▶ **Task to complete**
For this exercise, retype each line of the material below verbatim and omit any picture.

▶ **Data segment**
══════════

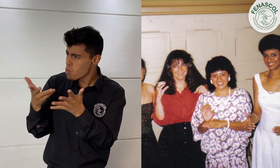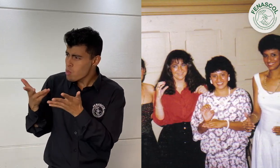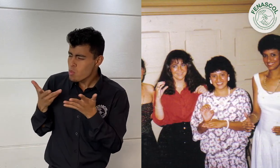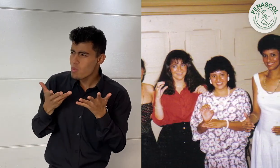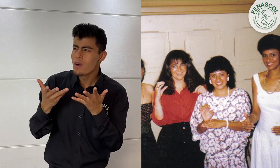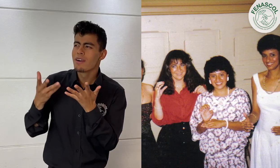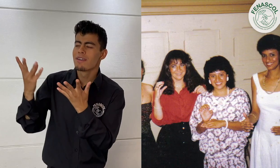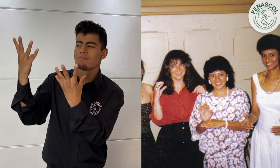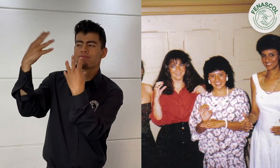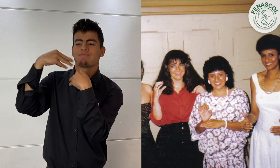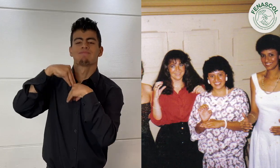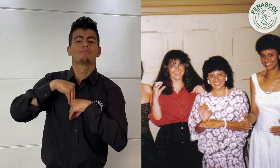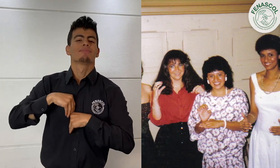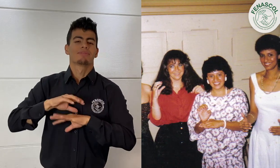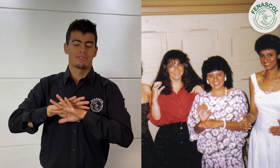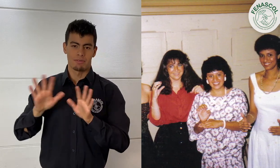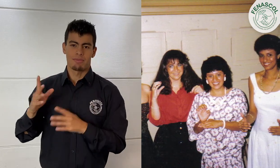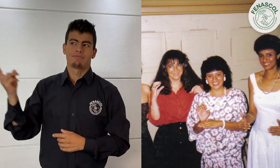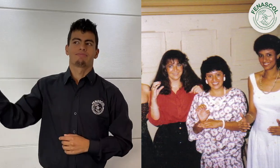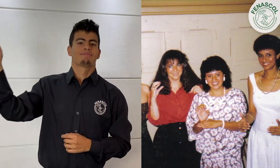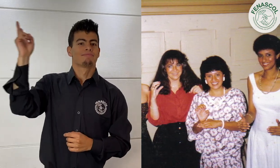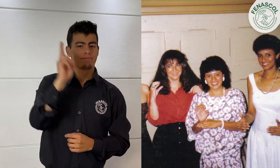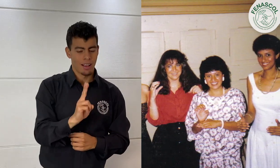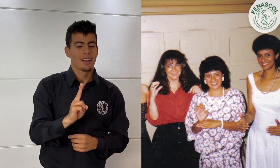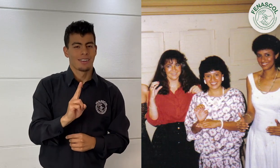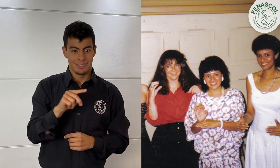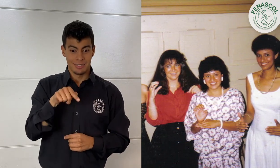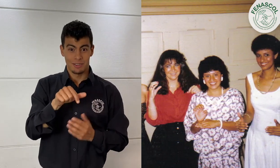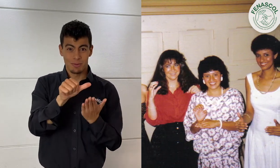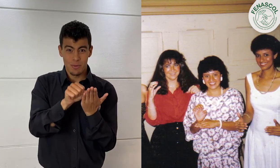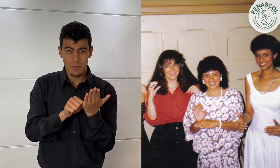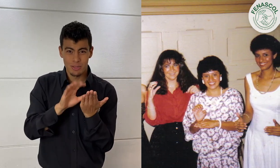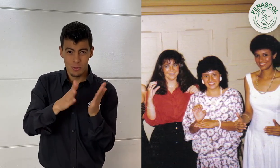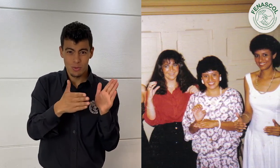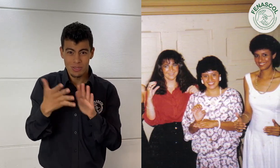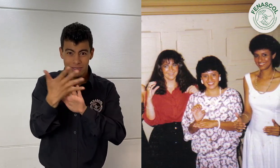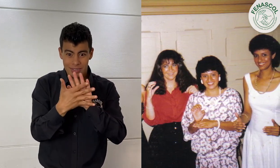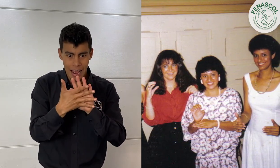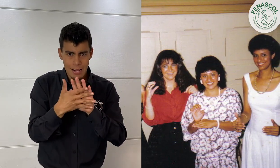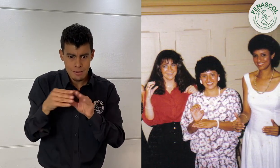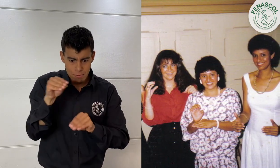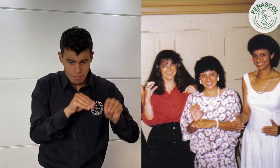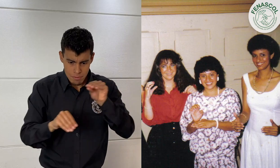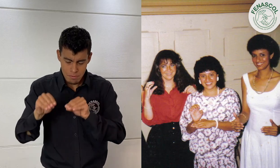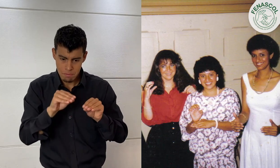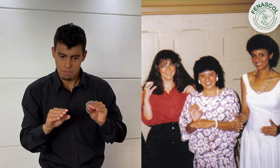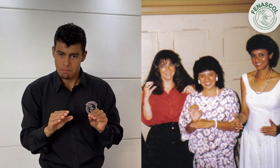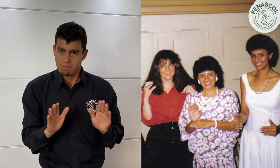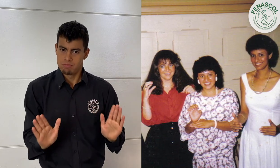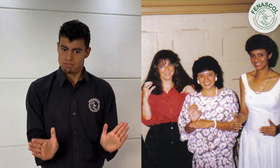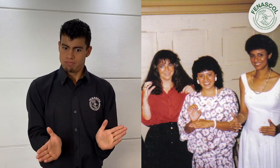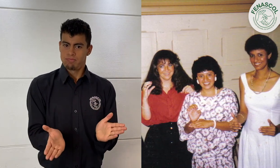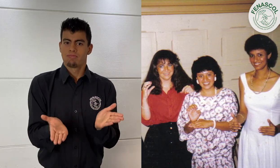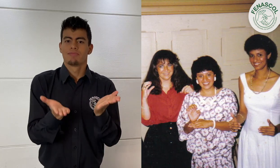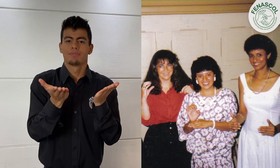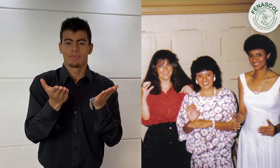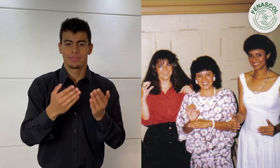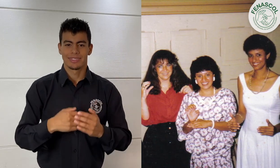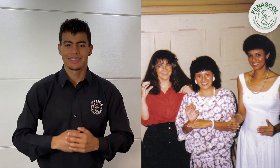Colombia, aprovecharon toda esta información para realizar actualizaciones del programa y cursos de lengua de señas que ya se
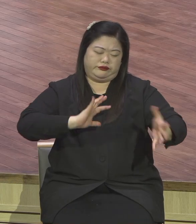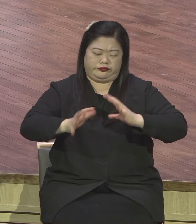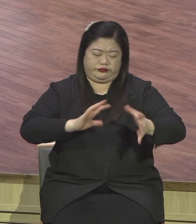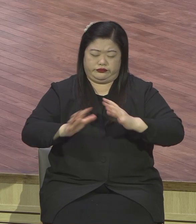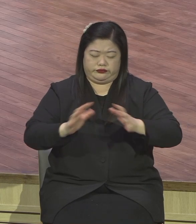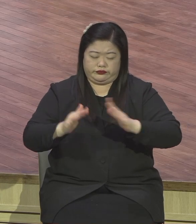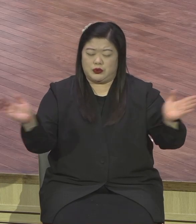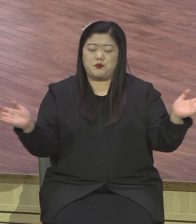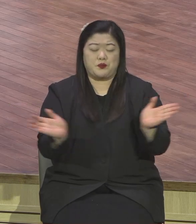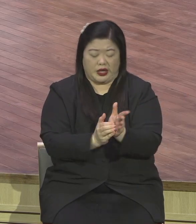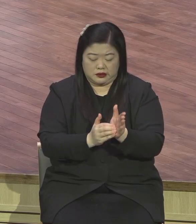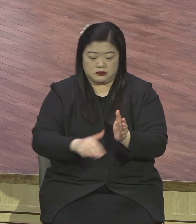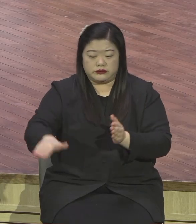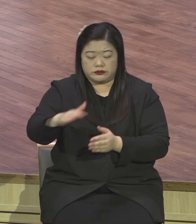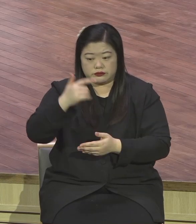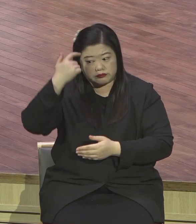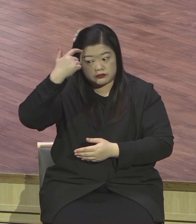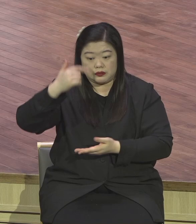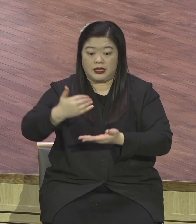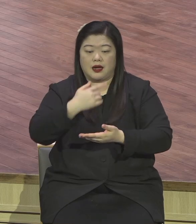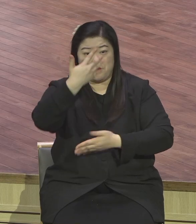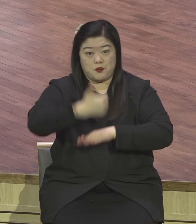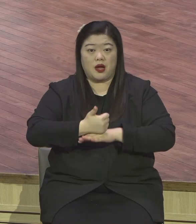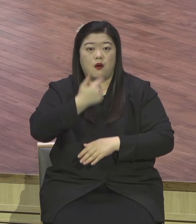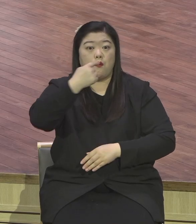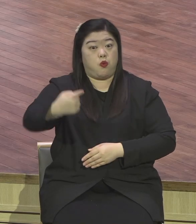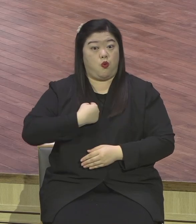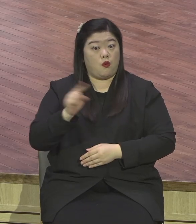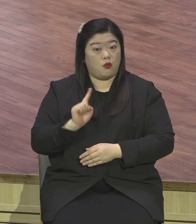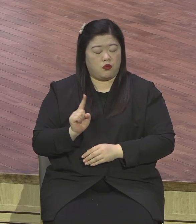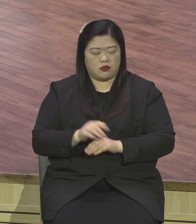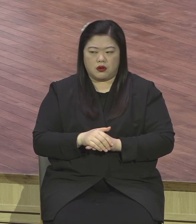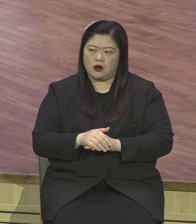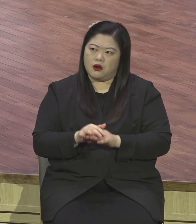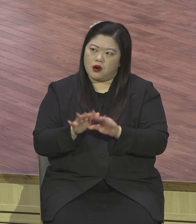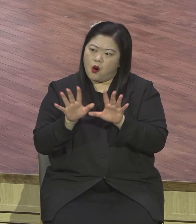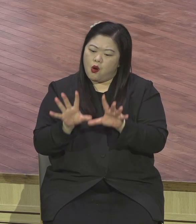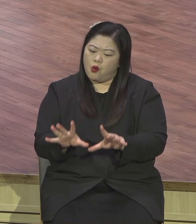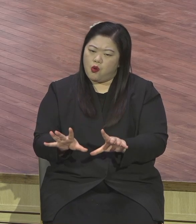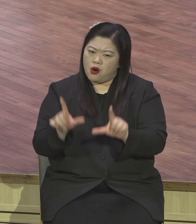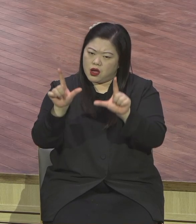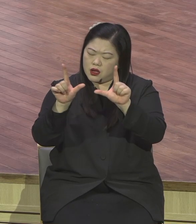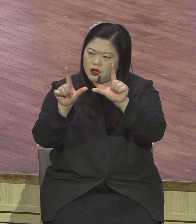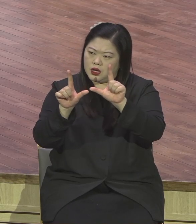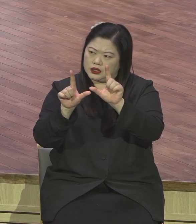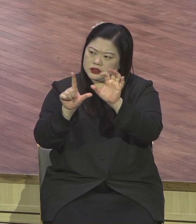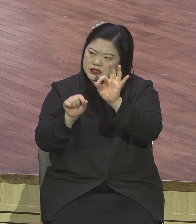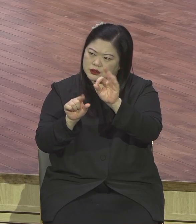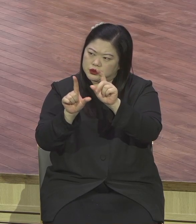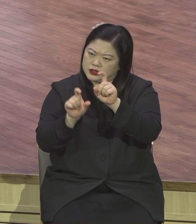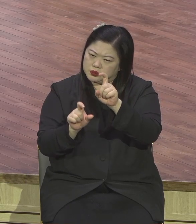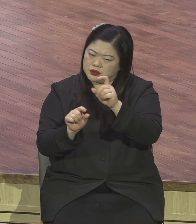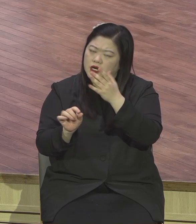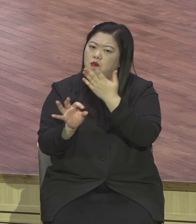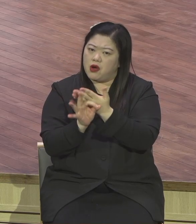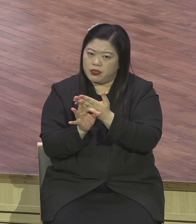보고가 들어왔어요. 그리고 1.4분기 올 1월 2월 3월 안에
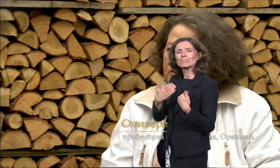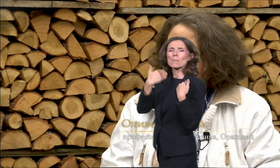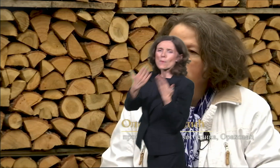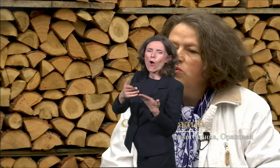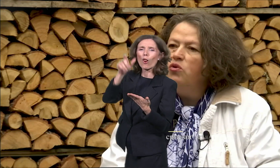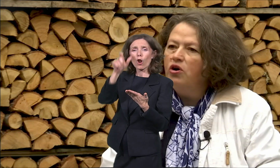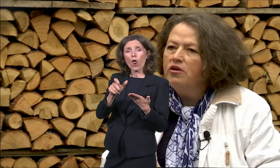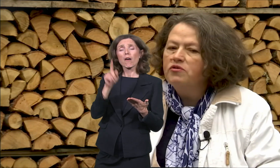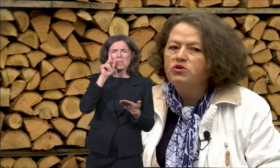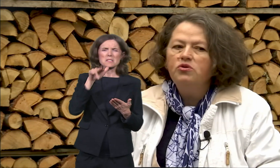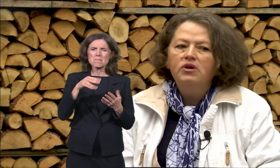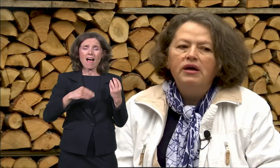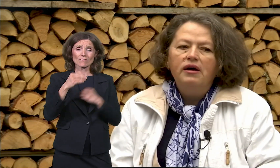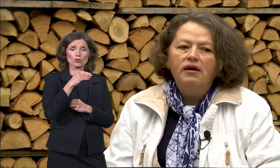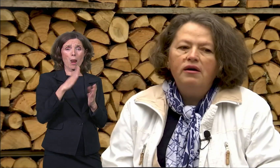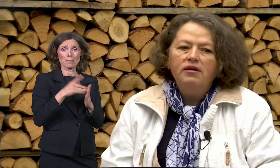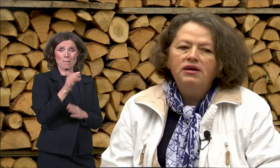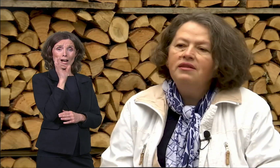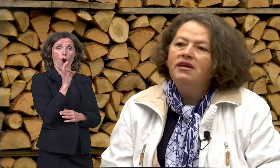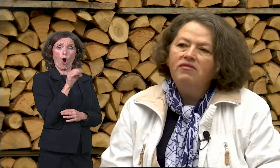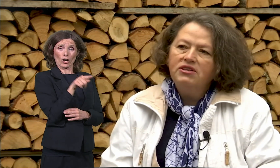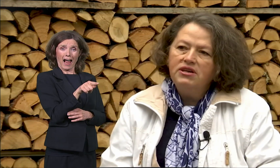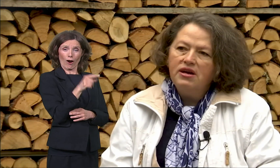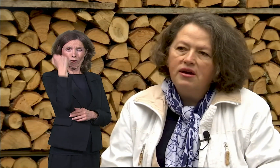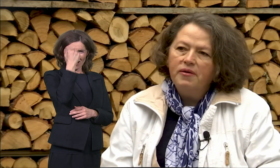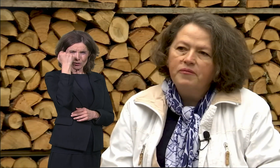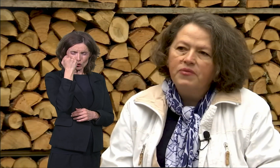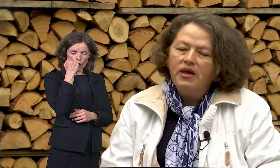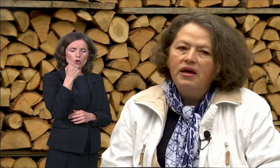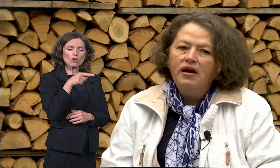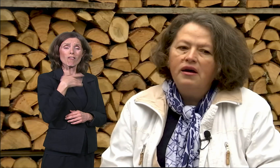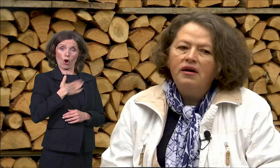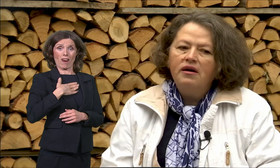našoj crkvi, u Orahovcu, je 9 knjiga.

══════════

▶ **Task output**
Colombia, aprovecharon toda esta información para realizar actualizaciones del programa y cursos de lengua de señas que ya se
보고가 들어왔어요. 그리고 1.4분기 올 1월 2월 3월 안에
našoj crkvi, u Orahovcu, je 9 knjiga.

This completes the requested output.